00:17:57.280 To achieve visibility into these issues, utilize team chat platforms to streamline communication. Instead of relying on email notifications, which can quickly become overwhelming, push those important alerts into channels where your engineering team already communicates.
00:18:50.160 Once notifications are aggregated in your teamwork channels, you can filter through them and prioritize issues that impact the most users. Prioritization requires consideration—how many users were impacted, the severity of each error, and other related attributes.
00:19:53.600 It's important to ensure that you have the necessary diagnostic data available at the time a production issue arises. Understanding the context of an error—like what caused it or how many users are being affected—helps you mitigate its consequences.

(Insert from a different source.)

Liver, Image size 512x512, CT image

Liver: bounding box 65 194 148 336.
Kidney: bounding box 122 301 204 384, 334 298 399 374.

00:20:37.240 At this point, I cannot stress the importance of ensuring that someone is responsible for addressing these issues on your team. Every organization, regardless of size, should prioritize assigning responsibility so that any detected problems can be promptly addressed.
00:21:41.200 That said, how you choose to structure your team to manage production monitoring can take different approaches. One viable method involves creating a dedicated bug team tasked with monitoring production tools and identifying urgent problems.

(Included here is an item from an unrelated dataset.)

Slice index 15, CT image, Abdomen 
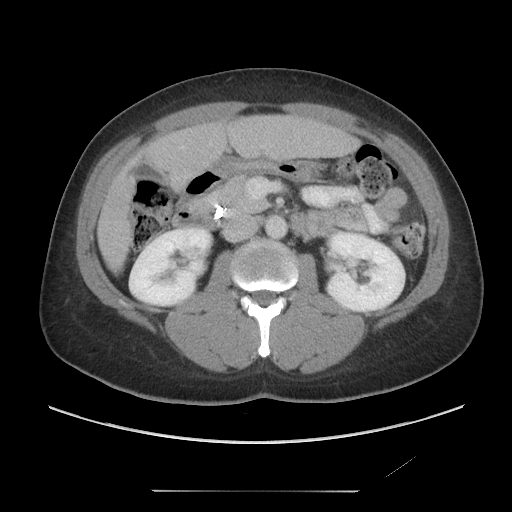

Only some of the vessels may be annotated.
{"hepatic_vessel": ["179:145:184:148"]}

00:22:36.600 This model can work, but it has drawbacks, as it may hinder individual developers from learning from production incidents. Another method involves running a rotation system, having team members take turns being responsible for bug monitoring for a period.
00:23:41.640 Finally, there’s the notion of accountability. The last person who modified the code may have insights into the cause of a problem. This way, they can work through the issue or provide context on why it’s happening.

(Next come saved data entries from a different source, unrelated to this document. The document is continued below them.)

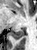

MRI
The posterior hippocampus appears at [10, 29, 23, 39].
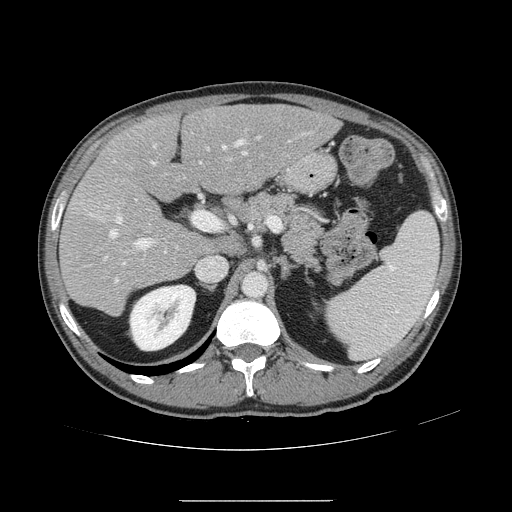
Image size 512x512, Computed tomography, Abdomen
The vessel annotation is not exhaustive.
Principal 15 of 16 hepatic vessel regions = left=222, top=146, right=226, bottom=148; left=105, top=257, right=107, bottom=258; left=151, top=162, right=155, bottom=163; left=288, top=140, right=290, bottom=142; left=153, top=144, right=155, bottom=147; left=304, top=133, right=310, bottom=133; left=243, top=151, right=245, bottom=154; left=236, top=140, right=244, bottom=144; left=116, top=213, right=122, bottom=222; left=110, top=229, right=117, bottom=237; left=136, top=238, right=151, bottom=251; left=257, top=137, right=259, bottom=138; left=206, top=148, right=208, bottom=149; left=115, top=278, right=118, bottom=282; left=193, top=211, right=204, bottom=229.
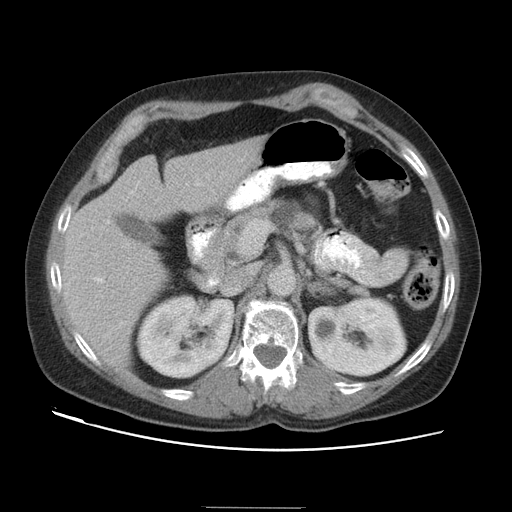
CT image, Upper abdomen

{"pancreas": ["bbox(204, 199, 319, 279)"], "pancreatic_tumor": ["bbox(269, 201, 299, 227)"]}

00:24:23.520 A measured approach towards handling post-deployment bugs should strive for a blame-free culture. Establishing this kind of environment allows software engineers to learn from their mistakes while working collaboratively.
00:25:19.440 To conclude, as you work to avoid the sins of production monitoring, adhere to the core principles of quality assurance: accept that software will break, implement automated error hooks, and aggregate your error data.
00:26:10.640 Make use of team chat for notifications, prioritize critical issues, and ensure that you can access diagnostic data. Lastly, make certain that there is accountability—someone should be responsible for acting on detected issues.
00:27:08.640 These core tenets should inform your workflow as you seek to bolster your production monitoring strategies.
00:27:36.480 Are there any questions? (pause for audience questions) That’s a great question. When you have a lot of bugs that seem to appear at a similar level of priority or frequency, how do you prioritize fixing them?
00:28:07.920 One approach is to simply have a team project where you identify and address the most pressing issues. Another technique, known as 'declaring bankruptcy,' involves identifying duplicate bugs and cleaning house to reduce clutter.
00:28:56.440 We recently added a feature to Bugsnag that allows you to ‘snooze’ alerts, meaning if you’re not concerned about a specific issue right now, you can temporarily mute it while still being notified if it worsens.
00:29:51.680 This creates a more manageable situation instead of overwhelming developers with alerts. If a significant number of errors occur due to the same root cause, focus on fixing that specific issue first.
00:30:47.600 In summary, building and maintaining an effective production monitoring framework entails comprehensively addressing these concerns through thoughtful processes and cultural shifts. Avoid pitfalls where you feel everything’s okay and empower your engineering teams to speak up when issues arise.
00:31:53.760 Keep the lines of communication open; learn from feedback, prioritize action items, and surely you will manage to thrive in a quality-focused development environment.
00:32:12.960 Thank you all for joining me today and I look forward to seeing you successfully develop and monitor your applications.”